William Gomes: "A CGU não é do governo. É do povo. Somos os olhos do cidadão” Sábado, 04 de Junho de 2016

Diante da intensa turbulência que atingiu a extinta Controladoria Geral da União (CGU), após o afastamento da presidente Dilma Rousseff (PT), o chefe da Controladoria Regional da União no Estado de Alagoas, José William Gomes da Silva, resiste junto com servidores alagoanos e do Brasil inteiro, contra um verdadeiro golpe dado no combate à corrupção no Brasil.

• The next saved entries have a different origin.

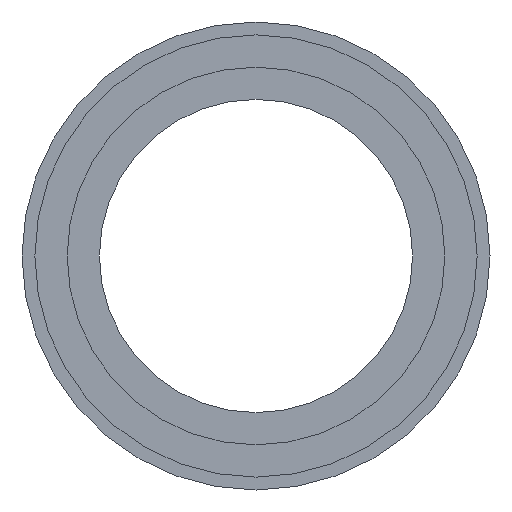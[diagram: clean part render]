
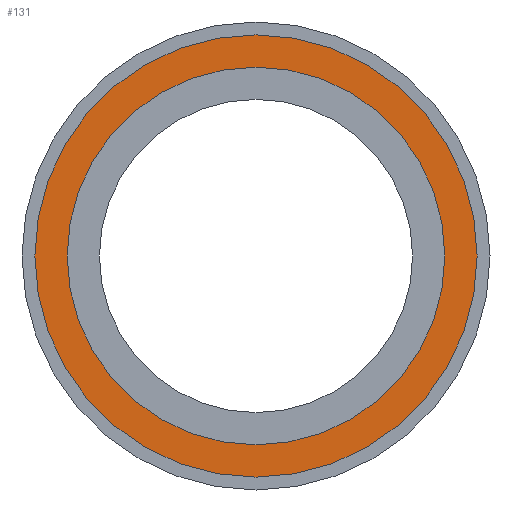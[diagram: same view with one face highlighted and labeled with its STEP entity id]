
A CAD part, front view. The second image highlights one B-rep face of the part: STEP entity #131.
In plain terms, the highlighted planar face has unit normal (0, -1, 0).
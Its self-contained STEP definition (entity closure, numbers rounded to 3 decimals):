
#16 = CARTESIAN_POINT ( 'NONE',  ( 0., 0., 0. ) ) ;
#21 = CIRCLE ( 'NONE', #431, 20.5 ) ;
#46 = DIRECTION ( 'NONE',  ( 0., 1., 0. ) ) ;
#49 = DIRECTION ( 'NONE',  ( 0., 1., 0. ) ) ;
#53 = VERTEX_POINT ( 'NONE', #392 ) ;
#54 = ORIENTED_EDGE ( 'NONE', *, *, #140, .T. ) ;
#63 = AXIS2_PLACEMENT_3D ( 'NONE', #16, #313, #598 ) ;
#69 = AXIS2_PLACEMENT_3D ( 'NONE', #173, #49, #169 ) ;
#79 = EDGE_CURVE ( 'NONE', #53, #264, #101, .T. ) ;
#85 = CIRCLE ( 'NONE', #132, 20.5 ) ;
#101 = CIRCLE ( 'NONE', #69, 24. ) ;
#106 = EDGE_CURVE ( 'NONE', #352, #325, #85, .T. ) ;
#131 = ADVANCED_FACE ( 'NONE', ( #457, #346 ), #368, .F. ) ;
#132 = AXIS2_PLACEMENT_3D ( 'NONE', #387, #46, #338 ) ;
#138 = ORIENTED_EDGE ( 'NONE', *, *, #79, .F. ) ;
#140 = EDGE_CURVE ( 'NONE', #325, #352, #21, .T. ) ;
#167 = CIRCLE ( 'NONE', #63, 24. ) ;
#169 = DIRECTION ( 'NONE',  ( 0., 0., 1. ) ) ;
#173 = CARTESIAN_POINT ( 'NONE',  ( 0., 0., 0. ) ) ;
#183 = CARTESIAN_POINT ( 'NONE',  ( 0., 0., -24. ) ) ;
#191 = DIRECTION ( 'NONE',  ( 0., 1., 0. ) ) ;
#223 = CARTESIAN_POINT ( 'NONE',  ( 0., 0., 20.5 ) ) ;
#262 = AXIS2_PLACEMENT_3D ( 'NONE', #364, #191, #484 ) ;
#264 = VERTEX_POINT ( 'NONE', #183 ) ;
#275 = CARTESIAN_POINT ( 'NONE',  ( 0., 0., -20.5 ) ) ;
#289 = DIRECTION ( 'NONE',  ( 0., 0., 1. ) ) ;
#299 = ORIENTED_EDGE ( 'NONE', *, *, #106, .T. ) ;
#313 = DIRECTION ( 'NONE',  ( 0., 1., 0. ) ) ;
#325 = VERTEX_POINT ( 'NONE', #275 ) ;
#335 = CARTESIAN_POINT ( 'NONE',  ( 0., 0., 0. ) ) ;
#338 = DIRECTION ( 'NONE',  ( 0., 0., 1. ) ) ;
#346 = FACE_BOUND ( 'NONE', #567, .T. ) ;
#352 = VERTEX_POINT ( 'NONE', #223 ) ;
#364 = CARTESIAN_POINT ( 'NONE',  ( 20.5, 0., 0. ) ) ;
#368 = PLANE ( 'NONE',  #262 ) ;
#382 = EDGE_LOOP ( 'NONE', ( #138, #388 ) ) ;
#387 = CARTESIAN_POINT ( 'NONE',  ( 0., 0., 0. ) ) ;
#388 = ORIENTED_EDGE ( 'NONE', *, *, #423, .F. ) ;
#392 = CARTESIAN_POINT ( 'NONE',  ( 0., 0., 24. ) ) ;
#423 = EDGE_CURVE ( 'NONE', #264, #53, #167, .T. ) ;
#431 = AXIS2_PLACEMENT_3D ( 'NONE', #335, #618, #289 ) ;
#457 = FACE_OUTER_BOUND ( 'NONE', #382, .T. ) ;
#484 = DIRECTION ( 'NONE',  ( 0., 0., 1. ) ) ;
#567 = EDGE_LOOP ( 'NONE', ( #299, #54 ) ) ;
#598 = DIRECTION ( 'NONE',  ( 0., 0., 1. ) ) ;
#618 = DIRECTION ( 'NONE',  ( 0., 1., 0. ) ) ;
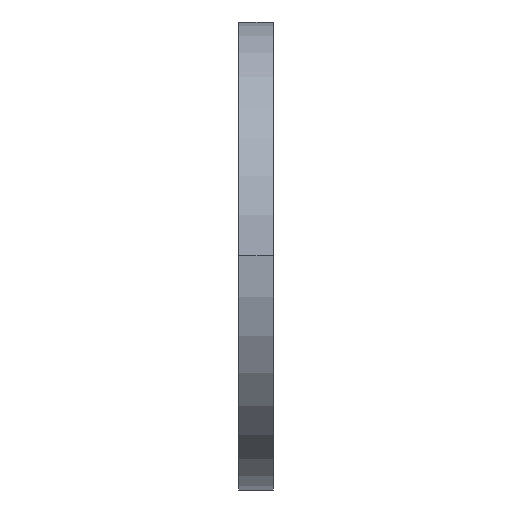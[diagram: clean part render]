
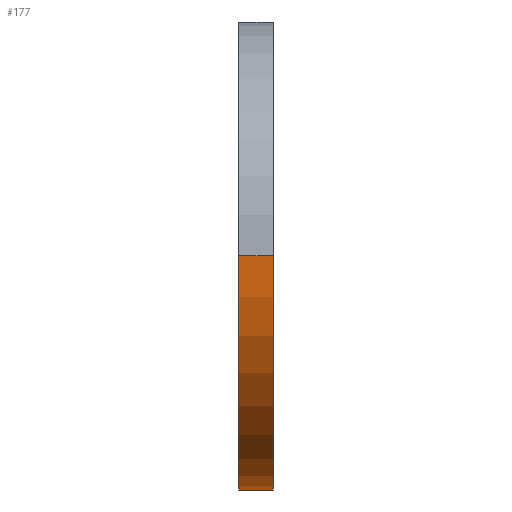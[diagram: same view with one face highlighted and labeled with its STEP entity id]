
A CAD part, left-side view. The second image highlights one B-rep face of the part: STEP entity #177.
In plain terms, the highlighted cylindrical face has radius 13.5 mm (diameter 27 mm), a partial arc.
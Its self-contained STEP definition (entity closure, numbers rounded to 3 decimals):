
#2 = CARTESIAN_POINT ( 'NONE',  ( -32., 2., -13.5 ) ) ;
#14 = CARTESIAN_POINT ( 'NONE',  ( -45.5, 2., 0. ) ) ;
#20 = DIRECTION ( 'NONE',  ( 0., -1., 0. ) ) ;
#66 = CARTESIAN_POINT ( 'NONE',  ( -45.5, 2., 0. ) ) ;
#93 = CARTESIAN_POINT ( 'NONE',  ( -32., 0., -13.5 ) ) ;
#94 = DIRECTION ( 'NONE',  ( 0., 0., 1. ) ) ;
#95 = DIRECTION ( 'NONE',  ( 0., -1., 0. ) ) ;
#96 = CARTESIAN_POINT ( 'NONE',  ( -32., 0., 0. ) ) ;
#124 = CIRCLE ( 'NONE', #456, 13.5 ) ;
#163 = VECTOR ( 'NONE', #20, 1000. ) ;
#165 = LINE ( 'NONE', #14, #163 ) ;
#177 = ADVANCED_FACE ( 'NONE', ( #831 ), #832, .T. ) ;
#282 = EDGE_CURVE ( 'NONE', #830, #1023, #652, .T. ) ;
#315 = VECTOR ( 'NONE', #713, 1000. ) ;
#328 = LINE ( 'NONE', #729, #315 ) ;
#373 = ORIENTED_EDGE ( 'NONE', *, *, #412, .F. ) ;
#399 = VERTEX_POINT ( 'NONE', #771 ) ;
#412 = EDGE_CURVE ( 'NONE', #1022, #830, #328, .T. ) ;
#422 = EDGE_LOOP ( 'NONE', ( #646, #654, #373, #541 ) ) ;
#456 = AXIS2_PLACEMENT_3D ( 'NONE', #96, #95, #94 ) ;
#541 = ORIENTED_EDGE ( 'NONE', *, *, #999, .F. ) ;
#646 = ORIENTED_EDGE ( 'NONE', *, *, #783, .F. ) ;
#652 = CIRCLE ( 'NONE', #904, 13.5 ) ;
#654 = ORIENTED_EDGE ( 'NONE', *, *, #282, .F. ) ;
#713 = DIRECTION ( 'NONE',  ( 0., 1., 0. ) ) ;
#716 = AXIS2_PLACEMENT_3D ( 'NONE', #819, #853, #814 ) ;
#729 = CARTESIAN_POINT ( 'NONE',  ( -32., 2., -13.5 ) ) ;
#771 = CARTESIAN_POINT ( 'NONE',  ( -45.5, 0., 0. ) ) ;
#783 = EDGE_CURVE ( 'NONE', #1023, #399, #165, .T. ) ;
#814 = DIRECTION ( 'NONE',  ( 0., 0., -1. ) ) ;
#819 = CARTESIAN_POINT ( 'NONE',  ( -32., 2., 0. ) ) ;
#830 = VERTEX_POINT ( 'NONE', #2 ) ;
#831 = FACE_OUTER_BOUND ( 'NONE', #422, .T. ) ;
#832 = CYLINDRICAL_SURFACE ( 'NONE', #716, 13.5 ) ;
#853 = DIRECTION ( 'NONE',  ( 0., -1., 0. ) ) ;
#865 = DIRECTION ( 'NONE',  ( 0., 0., 1. ) ) ;
#867 = DIRECTION ( 'NONE',  ( 0., 1., 0. ) ) ;
#868 = CARTESIAN_POINT ( 'NONE',  ( -32., 2., 0. ) ) ;
#904 = AXIS2_PLACEMENT_3D ( 'NONE', #868, #867, #865 ) ;
#999 = EDGE_CURVE ( 'NONE', #399, #1022, #124, .T. ) ;
#1022 = VERTEX_POINT ( 'NONE', #93 ) ;
#1023 = VERTEX_POINT ( 'NONE', #66 ) ;

Nesta entrevista, o chefe da CGU no Estado relaciona em números as conquistas que o órgão trouxe para o Brasil, desencadeando mais de 200 operações especiais de combate a corruptos de todo o País, nos 12 anos que antecederam a transformação da CGU em Ministério da Transparência, Fiscalização e Controle e da ascensão e queda de um ex-ministro suspeito de ser instrumento de desmantelamento da CGU e da Operação Lava Jato.

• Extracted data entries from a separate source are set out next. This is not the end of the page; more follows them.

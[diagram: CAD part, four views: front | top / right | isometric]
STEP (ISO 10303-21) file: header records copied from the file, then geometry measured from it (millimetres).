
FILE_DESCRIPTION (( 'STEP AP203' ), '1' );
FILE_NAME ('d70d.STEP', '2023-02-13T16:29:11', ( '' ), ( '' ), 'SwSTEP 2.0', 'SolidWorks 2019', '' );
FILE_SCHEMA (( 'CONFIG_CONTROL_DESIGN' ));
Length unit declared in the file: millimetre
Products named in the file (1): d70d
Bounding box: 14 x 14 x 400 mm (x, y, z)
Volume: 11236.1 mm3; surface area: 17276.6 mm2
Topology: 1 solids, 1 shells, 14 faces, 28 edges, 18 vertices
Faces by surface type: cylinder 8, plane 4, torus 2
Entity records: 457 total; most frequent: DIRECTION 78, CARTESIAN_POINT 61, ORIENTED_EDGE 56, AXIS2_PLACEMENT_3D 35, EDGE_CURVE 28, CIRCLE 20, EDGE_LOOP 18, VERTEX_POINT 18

Em Alagoas, foram mais de dez operações e, somente nos últimos quatro anos, 652 ordens de serviço concluídas, resultando em relatórios de investigações responsáveis por incontáveis condenações de criminosos do colarinho branco. Nosso entrevistado conclui que nem ele nem os servidores admitirão atuar em um ministério cuja sigla, “MTráfico”, sugira o cometimento de crime, em vez do combate às ilegalidades.

Com essa mudança na CGU, seu cargo permanece o mesmo?

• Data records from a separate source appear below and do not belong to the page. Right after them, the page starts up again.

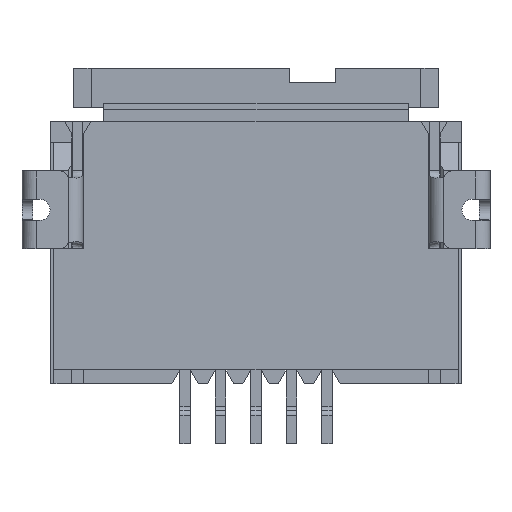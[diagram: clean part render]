
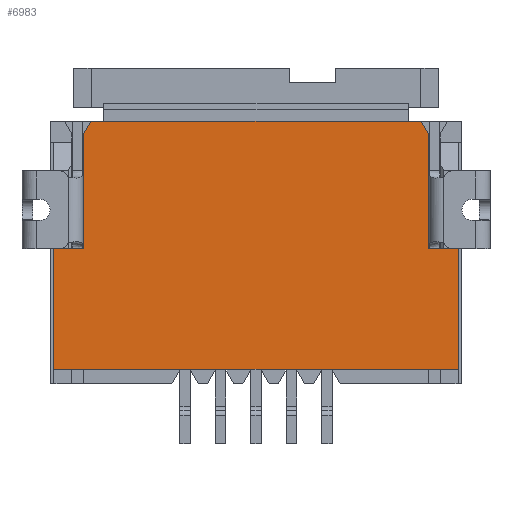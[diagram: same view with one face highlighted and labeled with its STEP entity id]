
A CAD part, front view. The second image highlights one B-rep face of the part: STEP entity #6983.
In plain terms, the highlighted planar face has unit normal (0, -1, 0).
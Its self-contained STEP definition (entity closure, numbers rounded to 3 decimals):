
#40 = VERTEX_POINT ( 'NONE', #5506 ) ;
#512 = VECTOR ( 'NONE', #24936, 1000. ) ;
#701 = DIRECTION ( 'NONE',  ( -0.5, 0., -0.866 ) ) ;
#1105 = DIRECTION ( 'NONE',  ( 1., 0., 0. ) ) ;
#1596 = CARTESIAN_POINT ( 'NONE',  ( 3.377, -0.44, 6.05 ) ) ;
#1982 = VECTOR ( 'NONE', #7402, 1000. ) ;
#2151 = CARTESIAN_POINT ( 'NONE',  ( 3.377, -0.44, 5.4 ) ) ;
#2497 = PLANE ( 'NONE',  #14129 ) ;
#2875 = ORIENTED_EDGE ( 'NONE', *, *, #18706, .T. ) ;
#3038 = CARTESIAN_POINT ( 'NONE',  ( -2.323, -0.44, 5.4 ) ) ;
#3219 = VERTEX_POINT ( 'NONE', #2151 ) ;
#3851 = CARTESIAN_POINT ( 'NONE',  ( -17.673, -0.44, 7.2 ) ) ;
#4007 = EDGE_CURVE ( 'NONE', #5032, #7631, #14086, .T. ) ;
#4449 = CARTESIAN_POINT ( 'NONE',  ( -17.673, -0.44, 7.2 ) ) ;
#4589 = CARTESIAN_POINT ( 'NONE',  ( -1.803, -0.44, 7.2 ) ) ;
#5032 = VERTEX_POINT ( 'NONE', #3038 ) ;
#5506 = CARTESIAN_POINT ( 'NONE',  ( 2.857, -0.44, 7.2 ) ) ;
#5992 = VERTEX_POINT ( 'NONE', #19976 ) ;
#6795 = LINE ( 'NONE', #3851, #16005 ) ;
#6983 = ADVANCED_FACE ( 'NONE', ( #24313 ), #2497, .T. ) ;
#7051 = LINE ( 'NONE', #7814, #22778 ) ;
#7402 = DIRECTION ( 'NONE',  ( 0., 0., -1. ) ) ;
#7616 = CARTESIAN_POINT ( 'NONE',  ( -1.903, -0.44, 6.9 ) ) ;
#7631 = VERTEX_POINT ( 'NONE', #10259 ) ;
#7792 = LINE ( 'NONE', #1596, #1982 ) ;
#7814 = CARTESIAN_POINT ( 'NONE',  ( 2.957, -0.44, 7.027 ) ) ;
#8789 = ORIENTED_EDGE ( 'NONE', *, *, #14371, .F. ) ;
#8791 = VECTOR ( 'NONE', #13811, 1000. ) ;
#8921 = VERTEX_POINT ( 'NONE', #21885 ) ;
#9228 = CARTESIAN_POINT ( 'NONE',  ( -1.673, -0.44, 5.4 ) ) ;
#9263 = LINE ( 'NONE', #14463, #19113 ) ;
#9562 = ORIENTED_EDGE ( 'NONE', *, *, #19750, .T. ) ;
#9604 = DIRECTION ( 'NONE',  ( 0., 0., -1. ) ) ;
#9939 = VERTEX_POINT ( 'NONE', #13746 ) ;
#10027 = LINE ( 'NONE', #11835, #8791 ) ;
#10244 = VECTOR ( 'NONE', #9604, 1000. ) ;
#10259 = CARTESIAN_POINT ( 'NONE',  ( -2.323, -0.44, 3.7 ) ) ;
#10375 = DIRECTION ( 'NONE',  ( 0., 0., -1. ) ) ;
#10529 = DIRECTION ( 'NONE',  ( 0., 0., -1. ) ) ;
#10862 = ORIENTED_EDGE ( 'NONE', *, *, #23443, .T. ) ;
#10867 = EDGE_CURVE ( 'NONE', #22196, #5032, #16119, .T. ) ;
#10905 = CARTESIAN_POINT ( 'NONE',  ( -17.673, -0.44, 3.7 ) ) ;
#11734 = ORIENTED_EDGE ( 'NONE', *, *, #19499, .T. ) ;
#11835 = CARTESIAN_POINT ( 'NONE',  ( 2.957, -0.44, 6.9 ) ) ;
#12429 = VECTOR ( 'NONE', #701, 1000. ) ;
#12502 = ORIENTED_EDGE ( 'NONE', *, *, #10867, .T. ) ;
#12580 = VECTOR ( 'NONE', #1105, 1000. ) ;
#13746 = CARTESIAN_POINT ( 'NONE',  ( 2.957, -0.44, 5.4 ) ) ;
#13811 = DIRECTION ( 'NONE',  ( 0., 0., 1. ) ) ;
#14086 = LINE ( 'NONE', #22356, #14718 ) ;
#14129 = AXIS2_PLACEMENT_3D ( 'NONE', #4449, #22202, #10375 ) ;
#14278 = LINE ( 'NONE', #4589, #12429 ) ;
#14371 = EDGE_CURVE ( 'NONE', #3219, #21323, #7792, .T. ) ;
#14463 = CARTESIAN_POINT ( 'NONE',  ( -17.673, -0.44, 5.4 ) ) ;
#14718 = VECTOR ( 'NONE', #10529, 1000. ) ;
#14724 = CARTESIAN_POINT ( 'NONE',  ( -1.903, -0.44, 5.4 ) ) ;
#15613 = DIRECTION ( 'NONE',  ( -1., 0., 0. ) ) ;
#15635 = DIRECTION ( 'NONE',  ( -0.5, 0., 0.866 ) ) ;
#15735 = EDGE_CURVE ( 'NONE', #3219, #9939, #9263, .T. ) ;
#16005 = VECTOR ( 'NONE', #15613, 1000. ) ;
#16119 = LINE ( 'NONE', #9228, #512 ) ;
#16438 = DIRECTION ( 'NONE',  ( -1., 0., 0. ) ) ;
#16530 = EDGE_LOOP ( 'NONE', ( #11734, #8789, #22344, #19013, #9562, #2875, #21647, #10862, #12502, #18020 ) ) ;
#18020 = ORIENTED_EDGE ( 'NONE', *, *, #4007, .T. ) ;
#18348 = CARTESIAN_POINT ( 'NONE',  ( -1.903, -0.44, 7.027 ) ) ;
#18706 = EDGE_CURVE ( 'NONE', #40, #8921, #6795, .T. ) ;
#19013 = ORIENTED_EDGE ( 'NONE', *, *, #21402, .T. ) ;
#19113 = VECTOR ( 'NONE', #16438, 1000. ) ;
#19499 = EDGE_CURVE ( 'NONE', #7631, #21323, #24294, .T. ) ;
#19540 = CARTESIAN_POINT ( 'NONE',  ( 3.377, -0.44, 3.7 ) ) ;
#19750 = EDGE_CURVE ( 'NONE', #5992, #40, #7051, .T. ) ;
#19976 = CARTESIAN_POINT ( 'NONE',  ( 2.957, -0.44, 7.027 ) ) ;
#20758 = LINE ( 'NONE', #7616, #10244 ) ;
#21323 = VERTEX_POINT ( 'NONE', #19540 ) ;
#21402 = EDGE_CURVE ( 'NONE', #9939, #5992, #10027, .T. ) ;
#21647 = ORIENTED_EDGE ( 'NONE', *, *, #22104, .T. ) ;
#21885 = CARTESIAN_POINT ( 'NONE',  ( -1.803, -0.44, 7.2 ) ) ;
#22104 = EDGE_CURVE ( 'NONE', #8921, #23766, #14278, .T. ) ;
#22196 = VERTEX_POINT ( 'NONE', #14724 ) ;
#22202 = DIRECTION ( 'NONE',  ( 0., -1., 0. ) ) ;
#22344 = ORIENTED_EDGE ( 'NONE', *, *, #15735, .T. ) ;
#22356 = CARTESIAN_POINT ( 'NONE',  ( -2.323, -0.44, 7.2 ) ) ;
#22778 = VECTOR ( 'NONE', #15635, 1000. ) ;
#23443 = EDGE_CURVE ( 'NONE', #23766, #22196, #20758, .T. ) ;
#23766 = VERTEX_POINT ( 'NONE', #18348 ) ;
#24294 = LINE ( 'NONE', #10905, #12580 ) ;
#24313 = FACE_OUTER_BOUND ( 'NONE', #16530, .T. ) ;
#24936 = DIRECTION ( 'NONE',  ( -1., 0., 0. ) ) ;

Continuo sendo o chefe da Controladoria Regional da União no Estado de Alagoas. O que houve foi uma mudança estética do nome da CGU, que era um órgão ligado diretamente ao presidente da República. Era um órgão de staff, de assessoramento direto ao presidente da República. E, com a Medida Provisória 726, esse órgão que estava próximo ao presidente, foi colocado em linha, junto com os outros ministérios. As mudanças foram sutis, com relação a isso. Porque, quando a gente estava próximo à Presidência da República, a gente tinha uma ascensão hierárquica junto a todos os demais ministérios, com poder de requisição, etc. Mesmo com essa possibilidade de a medida provisória manter todas as atribuições da CGU, isso compromete um pouco a nossa independência funcional.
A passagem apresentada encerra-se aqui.